## STORED DATA
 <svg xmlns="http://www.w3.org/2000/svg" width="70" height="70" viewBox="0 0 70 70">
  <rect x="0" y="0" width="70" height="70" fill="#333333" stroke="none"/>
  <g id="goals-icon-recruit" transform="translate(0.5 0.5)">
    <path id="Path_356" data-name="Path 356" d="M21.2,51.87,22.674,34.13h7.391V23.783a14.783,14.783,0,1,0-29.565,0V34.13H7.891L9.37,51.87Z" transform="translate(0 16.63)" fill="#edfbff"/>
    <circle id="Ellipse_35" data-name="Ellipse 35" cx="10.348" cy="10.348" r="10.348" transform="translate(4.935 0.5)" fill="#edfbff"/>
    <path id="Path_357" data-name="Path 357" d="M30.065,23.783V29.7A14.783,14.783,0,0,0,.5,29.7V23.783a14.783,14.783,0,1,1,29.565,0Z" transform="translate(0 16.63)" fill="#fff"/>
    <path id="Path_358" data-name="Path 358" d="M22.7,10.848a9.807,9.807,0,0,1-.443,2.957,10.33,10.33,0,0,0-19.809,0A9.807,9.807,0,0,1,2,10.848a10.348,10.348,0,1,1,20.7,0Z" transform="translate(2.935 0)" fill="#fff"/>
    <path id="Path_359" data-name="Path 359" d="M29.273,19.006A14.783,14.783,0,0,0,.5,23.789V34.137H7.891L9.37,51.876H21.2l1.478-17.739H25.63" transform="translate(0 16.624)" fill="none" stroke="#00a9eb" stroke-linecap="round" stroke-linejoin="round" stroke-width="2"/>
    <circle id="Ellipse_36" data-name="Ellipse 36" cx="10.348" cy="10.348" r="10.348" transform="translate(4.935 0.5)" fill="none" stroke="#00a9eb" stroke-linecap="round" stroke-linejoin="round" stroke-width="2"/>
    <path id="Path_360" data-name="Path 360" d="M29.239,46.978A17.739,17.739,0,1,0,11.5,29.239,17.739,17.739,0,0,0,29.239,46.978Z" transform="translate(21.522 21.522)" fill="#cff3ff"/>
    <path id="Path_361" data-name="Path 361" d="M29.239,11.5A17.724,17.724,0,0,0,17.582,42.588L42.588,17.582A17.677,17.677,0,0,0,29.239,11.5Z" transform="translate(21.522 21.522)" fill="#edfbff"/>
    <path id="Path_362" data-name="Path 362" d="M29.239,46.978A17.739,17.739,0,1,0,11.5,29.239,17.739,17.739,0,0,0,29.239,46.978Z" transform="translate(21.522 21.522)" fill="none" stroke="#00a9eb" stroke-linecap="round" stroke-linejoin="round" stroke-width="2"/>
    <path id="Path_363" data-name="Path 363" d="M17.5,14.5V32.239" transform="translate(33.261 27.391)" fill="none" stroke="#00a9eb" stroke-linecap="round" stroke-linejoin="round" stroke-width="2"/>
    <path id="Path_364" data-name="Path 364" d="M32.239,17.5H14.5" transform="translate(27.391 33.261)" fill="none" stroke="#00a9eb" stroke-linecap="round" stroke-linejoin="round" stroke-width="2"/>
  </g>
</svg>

## REQUIRED ACTION
Among the lines of the data above, find those with the word "height" and show them.

## EXERCISE RESULT
 <svg xmlns="http://www.w3.org/2000/svg" width="70" height="70" viewBox="0 0 70 70">
  <rect x="0" y="0" width="70" height="70" fill="#333333" stroke="none"/>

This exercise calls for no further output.